Now, the number of speed pulses P is 500 per rotation.
(pulse/rev), resolution of speed and magnetic flux is 8 pits, base speed NB is 1500 (rpm), clock frequency fct from clock generation circuit 1, xTh3
．． When the frequency is 5 MHz, the signal S output by the counter 2 and the launch circuit 3 at the base speed is as follows. Therefore, the capacity of the memory element is required to be 280 bytes or more, but in this case we will set it to 300 for now.In this example, the resolution of the magnetic flux command value φ is 8 pintos (1/256), and as shown in equation (6). Since the period is proportional to the magnetic flux, the period resolution must also be 8 pits or more, but at the above clock frequency it is 1/280, so n'6 is satisfied.

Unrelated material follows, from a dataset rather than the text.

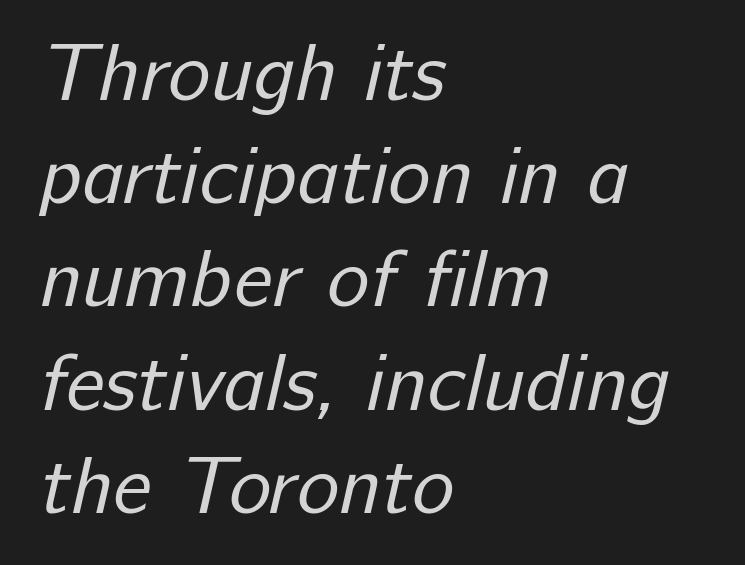
Weight: not bold — regular or lighter. Interline gaps are of average width in this sample. Beneath every word, the page is bare. Between one letter and the next there's only the usual sliver of space.

An example of data written to the memory element in the above case is
Shown in Figure 2. Here, the horizontal axis represents the address of the storage element, which represents the period, and the vertical axis represents the data, which corresponds to the magnetic flux command value. The number of rotations corresponding to the period is shown in the figure, but even if the speed control range expands to a high speed range, the usage area of the storage element will only expand to the smaller address, so the capacity of the storage element will not change, and this will increase the magnetic flux. This shows that it is determined only by the resolution of the command value.

〔Effect of the invention〕

According to this invention, the magnetic flux command value calculation circuit does not measure the speed, but measures the period of the speed pulse, which is the reciprocal of the speed, and stores it in the memory element that stores the data of the magnetic flux command value. Since it is used as an address, the capacity of the memory element is weakened and the magnetic flux is controlled regardless of the speed control range.

[Brief explanation of the drawing]

FIG. 1 is a configuration diagram showing an embodiment of this invention, and FIG.
Figure 3 is a graph showing the relationship between speed, induced voltage, and magnetic flux command value when performing magnetic flux weakening control; Figure 4 is a conventional magnetic flux command value calculation circuit. It is a block diagram which shows an example. Code explanation 1...Clock generation circuit, 2.12...Counter,
3.13... Launch circuit, 4.14... ROM (memory element), 5.15... Arithmetic processing circuit, 6... OR gate, 11... Timing circuit,

Claims (1)

[Claims] In a motor drive device that performs at least magnetic flux weakening control using a pulse signal with a frequency proportional to motor speed, the period of the pulse signal is counted by a predetermined clock signal having a higher frequency than the pulse signal. A magnetic flux command value calculation comprising: a counter; and a memory for storing a magnetic flux command value having a predetermined flux weakening characteristic, and the magnetic flux command value is obtained by retrieving the contents of the memory according to the output of the counter. circuit.